> [YOUR TASK]:
Check every line below for the string "wide", and copy the lines that contain it.
[SUPPLIED MATERIAL]
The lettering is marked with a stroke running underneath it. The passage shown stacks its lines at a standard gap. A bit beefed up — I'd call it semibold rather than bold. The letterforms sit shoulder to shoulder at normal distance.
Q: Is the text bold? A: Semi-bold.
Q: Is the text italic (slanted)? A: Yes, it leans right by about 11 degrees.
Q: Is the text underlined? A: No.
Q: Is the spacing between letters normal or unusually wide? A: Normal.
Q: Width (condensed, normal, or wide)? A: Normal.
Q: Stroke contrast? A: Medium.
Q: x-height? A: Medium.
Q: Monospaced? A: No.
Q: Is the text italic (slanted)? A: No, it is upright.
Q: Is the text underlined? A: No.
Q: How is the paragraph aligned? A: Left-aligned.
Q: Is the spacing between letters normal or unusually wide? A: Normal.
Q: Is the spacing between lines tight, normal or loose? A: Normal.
[/SUPPLIED MATERIAL]
[SUPPLIED MATERIAL]
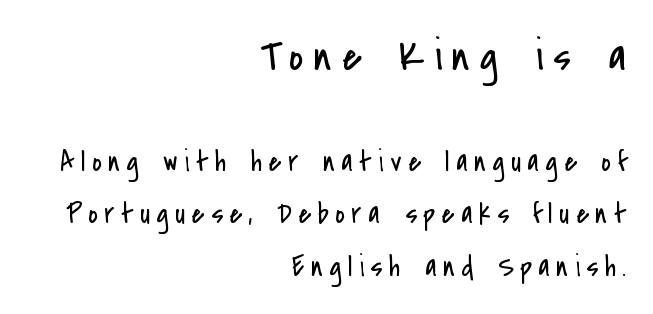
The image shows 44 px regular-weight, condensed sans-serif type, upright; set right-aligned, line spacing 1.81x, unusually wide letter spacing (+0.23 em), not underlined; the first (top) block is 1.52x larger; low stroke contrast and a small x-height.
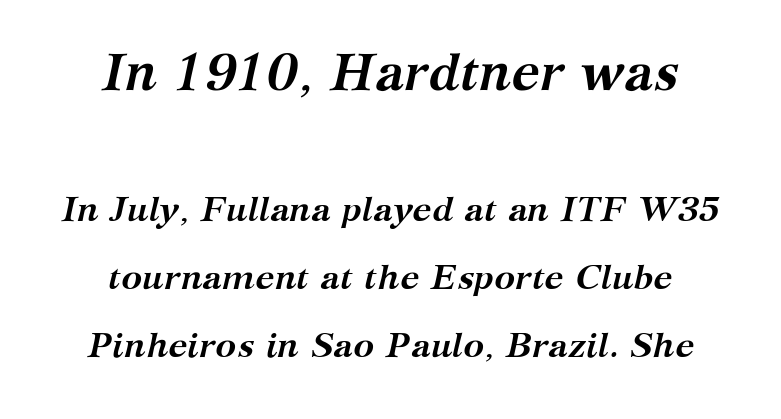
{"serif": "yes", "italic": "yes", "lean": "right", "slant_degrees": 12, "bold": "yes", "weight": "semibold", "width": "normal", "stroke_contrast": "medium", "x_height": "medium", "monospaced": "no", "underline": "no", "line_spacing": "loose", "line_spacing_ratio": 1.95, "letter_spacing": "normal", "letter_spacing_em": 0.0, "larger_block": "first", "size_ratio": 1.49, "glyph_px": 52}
[/SUPPLIED MATERIAL]
> [OUTPUT]:
Q: Is the spacing between letters normal or unusually wide? A: Normal.
Q: Width (condensed, normal, or wide)? A: Normal.
Q: Is the spacing between letters normal or unusually wide? A: Normal.
The image shows 44 px regular-weight, condensed sans-serif type, upright; set right-aligned, line spacing 1.81x, unusually wide letter spacing (+0.23 em), not underlined; the first (top) block is 1.52x larger; low stroke contrast and a small x-height.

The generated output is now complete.